**WHAT IS NEEDED:**
From the listing below, retype exactly the line holding "werden, um die", the line holding "Umgang zu nehmen;", and the lines between them; skip everything else.

**TASK DATA:**
▬▬▬▬▬▬▬▬▬▬

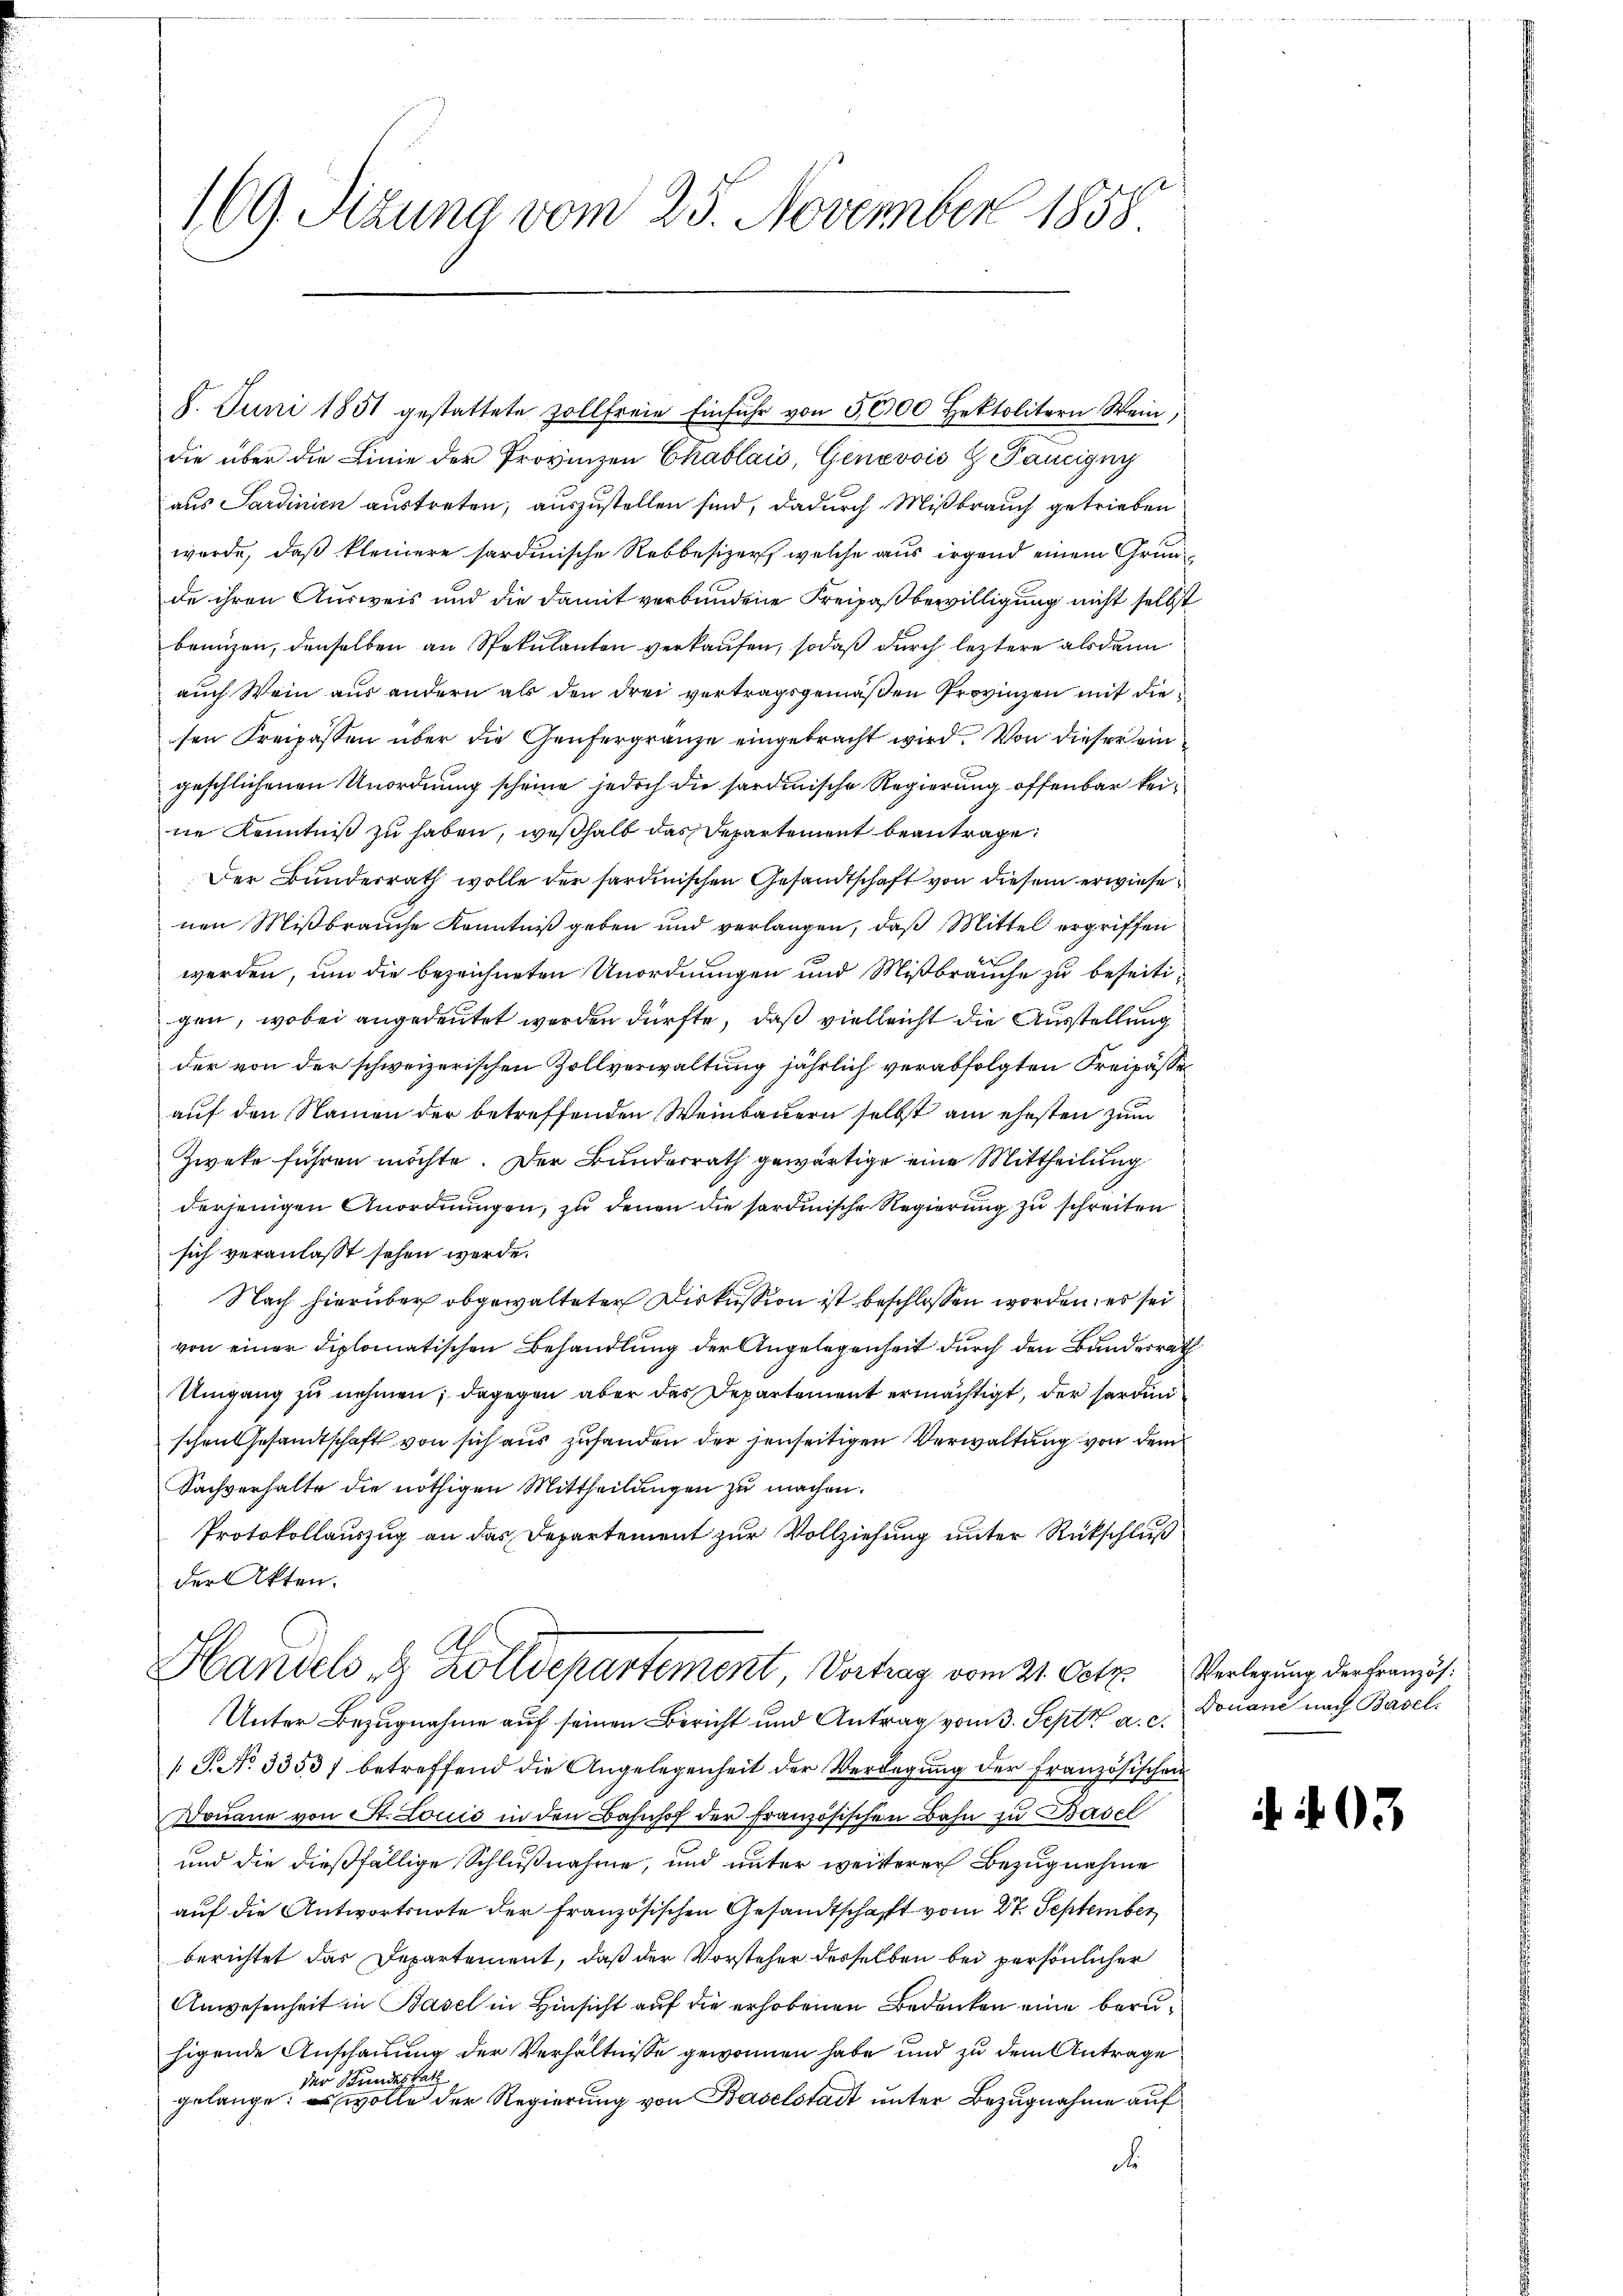
169. Sitzung vom 25. November 1858.

8. Juni 1851 gestattete zollfreie Einfuhr von 5000 Hektolitern Wein,
die über die Linie der Provinzen Chablais, Genevois H Panigny
aus Sardinien austreten, auszustellen sind, dadurch Mißbrauch getrieben
wurde, daß kleinere sardinische Rebbesizer, welche aus irgend einem Grunde ihren Ausweis und die damit verbundene Freipaßbewilligung nicht selbst
benuzen, denselben an Spekulanten verkaufen, sodaß durch leztere alsdann
auch Wein aus andern als den drei vertragsgemäßen Provinzen mit die
sen Freipassen über die Genfergränze eingebracht wird. Von dieser ein
geschlichenen Unordnung scheine jedoch die sardinische Regierung offenbar keine Kenntniß zu haben, weßhalb das Departement beantrage.
Der Bunderrath wolle der sardinischen Gesandtschaft von diesem erwiese
nen Mißbrauche Kenntniß geben und verlangen, daß Mittel ergriffen
werden, um die bezeichneten Unordnungen und Mißbräuche zu beseitigen, wobei angedeutet werden dürfte, daß vielleicht die Ausstellung
der von der schweizerischen Zollverwaltung jährlich verabfolgten Freipässe
auf den Namen der betreffenden Weinbauern selbst am ehesten zum
Zweke führen möchte. Der Bundesrath gewärtige eine Mittheilung
derjenigen Anordnungen, zu denen die sardinische Regierung zu schreiten
sich veranlasst sehen werde.
Nach hierüber obgewalteter Diskussion ist beschlossen worden, es sei
von einer diplomatischen Behandlung der Angelegenheit durch den Bundesrath
Umgang zu nehmen; dagegen aber das Departement ermächtigt, der serdini
schen Gesandtschaft von sich aus zufanden der jenseitigen Verwaltung von dem
Sachverhalte die nöthigen Mittheilungen zu machen.
Protokollauszug an das Departement zur Vollziehung unter Rückschluß
der Akten.
Handels- & Zolldepartement Vortrag vom 21. Octz. Verlegung der Französ¬
Unter Bezugnahme auf seinen Bericht und Antrag vom 3. Sept. a. c.
1 S. No 33537 betreffend die Angelegenheit der Verlegung der Französischen
Donaue von St. Louis in den Bahnhof der französischen Bahn zu Basel
und die dießfällige Schlußnahme, und unter weiterer Bezugnahme
auf die Antwortsnote der französischen Gesandtschaft vom 27. September
berichtet das Departement, daß der Vorsteher desselben bei persönlicher
Anwesenheit in Basel in Hinsicht auf die erhobenen Bedenken eine beruhigende Anschauung der Verhältnisse gewonnen habe und zu dem Antrage
der Bundesrath
gelange; es wolle der Regierung von Baselstadt unter Bezugnahme auf
de

Douane nach Basel.

f. 403

▬▬▬▬▬▬▬▬▬▬

**EXERCISE RESPONSE:**
werden, um die bezeichneten Unordnungen und Mißbräuche zu beseitigen, wobei angedeutet werden dürfte, daß vielleicht die Ausstellung
der von der schweizerischen Zollverwaltung jährlich verabfolgten Freipässe
auf den Namen der betreffenden Weinbauern selbst am ehesten zum
Zweke führen möchte. Der Bundesrath gewärtige eine Mittheilung
derjenigen Anordnungen, zu denen die sardinische Regierung zu schreiten
sich veranlasst sehen werde.
Nach hierüber obgewalteter Diskussion ist beschlossen worden, es sei
von einer diplomatischen Behandlung der Angelegenheit durch den Bundesrath
Umgang zu nehmen; dagegen aber das Departement ermächtigt, der serdini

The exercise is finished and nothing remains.